Let’s start by computing the accuracy:

让我们从计算精度开始:

This, itself, might already be considered problematic…

这本身可能已经被认为是有问题的……

The accuracy score includes both kinds of errors:

准确性分数包括两种错误:

  • false positives (defendant is predicted as medium/high risk but does not re-offend)

    误报(被告被预测为中/高风险,但不会再次冒犯)
  • false negatives (defendant is predicted as low risk, but does re-offend)

    假阴性(被告被预测为低风险,但会再次犯罪)

but these errors have different costs. It can be useful to pull them out separately, to see the rate of different types of errors.

但是这些错误会带来不同的成本。 分开拉出它们以查看不同类型错误的发生率可能很有用。

If we create a confusion matrix, we can use it to derive a whole set of classifier metrics:

如果我们创建混淆矩阵,则可以使用它来导出一整套分类器指标:

  • True Positive Rate (TPR) also called recall or sensitivity

    真阳性率(TPR)也称为召回率或敏感性
  • True Negative Rate (TNR) also called specificity

    真阴性率(TNR)也称为特异性
  • Positive Predictive Value (PPV) also called precision

    正预测值(PPV)也称为精度
  • Negative Predictive Value (NPV)

    负预测值(NPV)
  • False Positive Rate (FPR)

    误报率(FPR)
  • False Discovery Rate (FDR)

    错误发现率(FDR)
  • False Negative Rate (FNR)

    假阴性率(FNR)
  • False Omission Rate (FOR)

    错误遗漏率(FOR)

To use the theory into practice we can use various approach for the same.

为了将理论应用到实践中,我们可以对它使用多种方法。

We can also use sklearn's confusion_matrix to pull out these values and compute any metrics of interest:

我们还可以使用sklearnconfusion_matrix提取这些值并计算任何感兴趣的指标:

We get the following distribution :

我们得到以下分布:

  • True negatives: 2681

    真实底片:2681
  • False positives: 1282

    误报:1282
  • False negatives: 1216

    假阴性:1216
  • True positives: 2035

    真实肯定:2035年

Or we can compute them directly using crosstab -

或者我们可以使用crosstab直接计算它们-

Here, we normalize by row — show the PPV, FDR, FOR, NPV:

在这里,我们按行归一化-显示PPV,FDR,FOR和NPV:

Here, we normalize by column— show the TPR, FPR, FNR, TNR:

在这里,我们按列进行归一化-显示TPR,FPR,FNR,TNR:

Overall, we see that a defendant has a similar likelihood of being wrongly labeled a likely recidivist and of being wrongly labeled as unlikely to re-offend:

总体而言,我们发现被告被错误地标记为可能的累犯的可能性以及被错误地标记为不太可能再次犯罪的可能性相似:

We can also directly evaluate the risk score, instead of just the labels. The risk score is meant to indicate the probability that a defendant will re-offend.

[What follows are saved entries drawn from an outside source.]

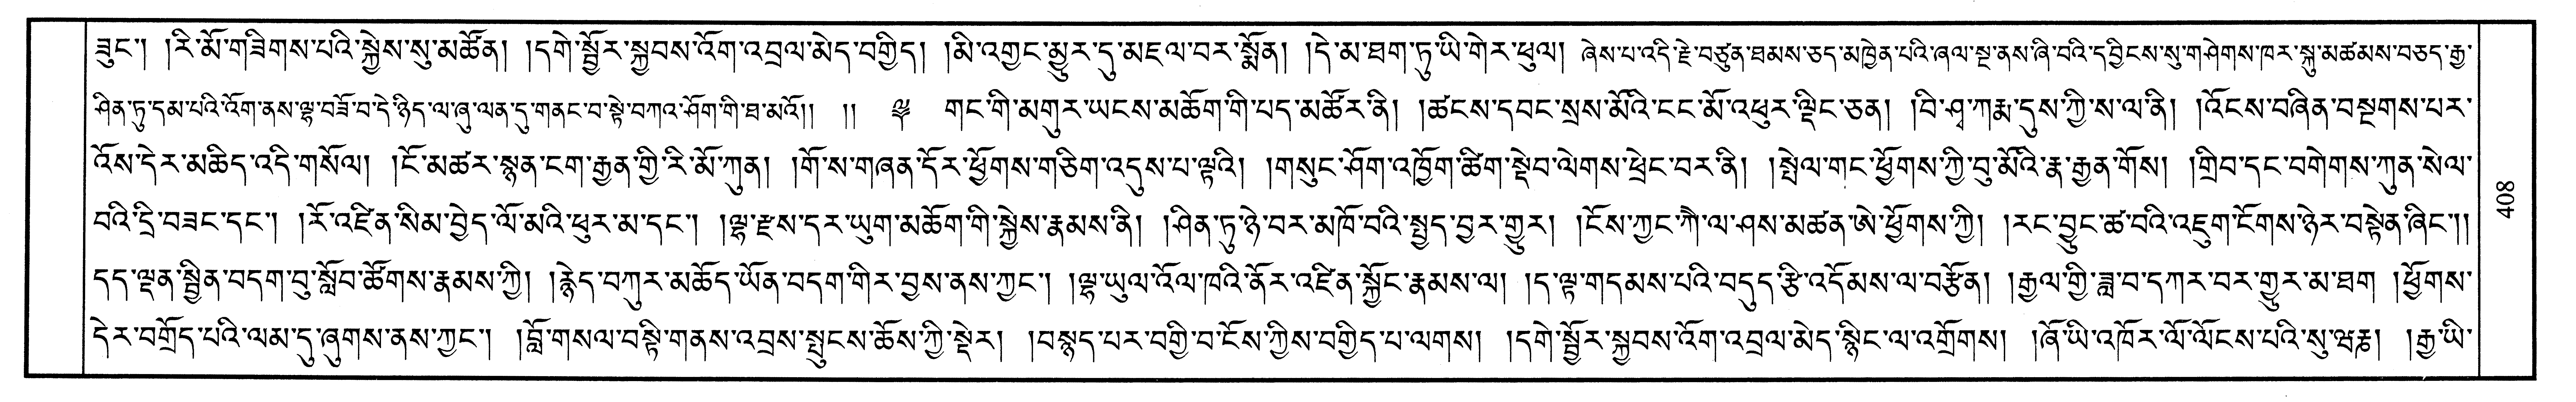ཟུང་། །རི་མོ་གཟིགས་པའི་སྐྱེས་སུ་མཚོན། །དགེ་སྦྱོར་སྐྱབས་འོག་འབྲལ་མེད་བགྱིད། །མི་འགྱང་མྱུར་དུ་མཇལ་བར་སྨོན། །དེ་མ་ཐག་ཏུ་ཡི་གེར་ཕུལ། ཞེས་པ་འདི་རྗེ་བཙུན་ཐམས་ཅད་མཁྱེན་པའི་ཞལ་སྔ་ནས་ཞི་བའི་དབྱིངས་སུ་གཤེགས་ཁར་སྐུ་མཚམས་བཅད་རྒྱ་
ཤིན་ཏུ་དམ་པའི་འོག་ནས་ལྷ་བཟོ་བ་དེ་ཉིད་ལ་ཞུ་ལན་དུ་གནང་བ་སྟེ་བཀའ་ཤོག་གི་ཐ་མའོ།། །། ༈ གང་གི་མགུར་ཡངས་མཆོག་གི་པད་མཚོར་ནི། །ཚངས་དབང་སྲས་མོའི་ངང་མོ་འཕུར་ལྡིང་ཅན། །བི་ཤྭ་ཀརྨ་དུས་ཀྱི་ས་ལ་ནི། །འོངས་བཞིན་བསྔགས་པར་
འོས་དེར་མཆིད་འདི་གསོལ། །ངོ་མཚར་སྙན་ངག་རྒྱན་གྱི་རི་མོ་ཀུན། །གོ་ས་གཞན་དོར་ཕྱོགས་གཅིག་འདུས་པ་ལྟའི། །གསུང་ཤོག་འཁྱོག་ཚིག་སྡེབ་ལེགས་ཕྲེང་བར་ནི། །སྤེལ་གང་ཕྱོགས་ཀྱི་བུ་མོའི་རྣ་རྒྱན་གོས། །གྲིབ་དང་བགེགས་ཀུན་སེལ་
བའི་དྲི་བཟང་དང་། །རོ་འཛིན་སིམ་བྱེད་ལོ་མའི་ཕུར་མ་དང་། །ལྷ་རྫས་དར་ཡུག་མཆོག་གི་སྐྱེས་རྣམས་ནི། །ཤིན་ཏུ་ཉེ་བར་མཁོ་བའི་སྤྱད་བྱར་གྱུར། །ངོས་ཀྱང་ཀཻ་ལ་ཤས་མཚན་ཨེ་ཕྱོགས་ཀྱི། །རང་བྱུང་ཚ་བའི་འཇུག་ངོགས་ཉེར་བསྟེན་ཞིང།།
དད་ལྡན་སྦྱིན་བདག་བུ་སློབ་ཚོགས་རྣམས་ཀྱི། །རྙེད་བཀུར་མཆོད་ཡོན་བདག་གིར་བྱས་ནས་ཀྱང་། །ལྷ་ཡུལ་འོལ་ཁའི་ནོར་འཛིན་སྐྱོང་རྣམས་ལ། །ད་ལྟ་གདམས་པའི་བདུད་རྩི་འདོམས་ལ་བརྩོན། །རྒྱལ་གྱི་ཟླ་བ་དཀར་བར་གྱུར་མ་ཐག །ཕྱོགས་
དེར་བགྲོད་པའི་ལམ་དུ་ཞུགས་ནས་ཀྱང་། །བློ་གསལ་བསྟི་གནས་འབྲས་སྤུངས་ཆོས་ཀྱི་སྡེར། །བསྙད་པར་བགྱི་བ་ངོས་ཀྱིས་བགྱིད་པ་ལགས། །དགེ་སྦྱོར་སྐྱབས་འོག་འབྲལ་མེད་སྙིང་ལ་འགྲོགས། །ཞོ་ཡི་འཁོར་ལོ་ལོངས་པའི་སུ་ཝརྞ། །རྒྱ་ཡི་

我们还可以直接评估风险评分,而不仅仅是标签。 风险评分旨在指示被告重新犯罪的可能性。

Defendants with a higher COMPAS score indeed had higher rates of recidivism.

COMPAS分数较高的被告确实有较高的累犯率。

After running the above cell we get the following accuracy 0.7021662544019724

运行以上单元格后,我们得到以下精度0.7021662544019724

公平: (Fairness:)

COMPAS has been under scrutiny for issues related for fairness with respect to race of the defendant.

COMPAS已就与被告人的种族公正有关的问题进行了审查。

Race is not an explicit input to COMPAS, but some of the questions that are used as input may have strong correlations with race.

比赛还没有一个明确的输入COMPAS,但有些用作输入可能与种族相关性强的问题。

First, we will find out how frequently each race is represented in the data:

首先,我们将找出每个种族在数据中的代表频率:

We will focus specifically on African-American or Caucasian defendants, since they are the subject of the ProPublica claim.

我们将特别关注非裔美国人或白种人的被告,因为它们是ProPublica索赔的主题。

It isn’t exactly the same, but it’s similar — within a few points. This is a type of fairness known as overall accuracy equality.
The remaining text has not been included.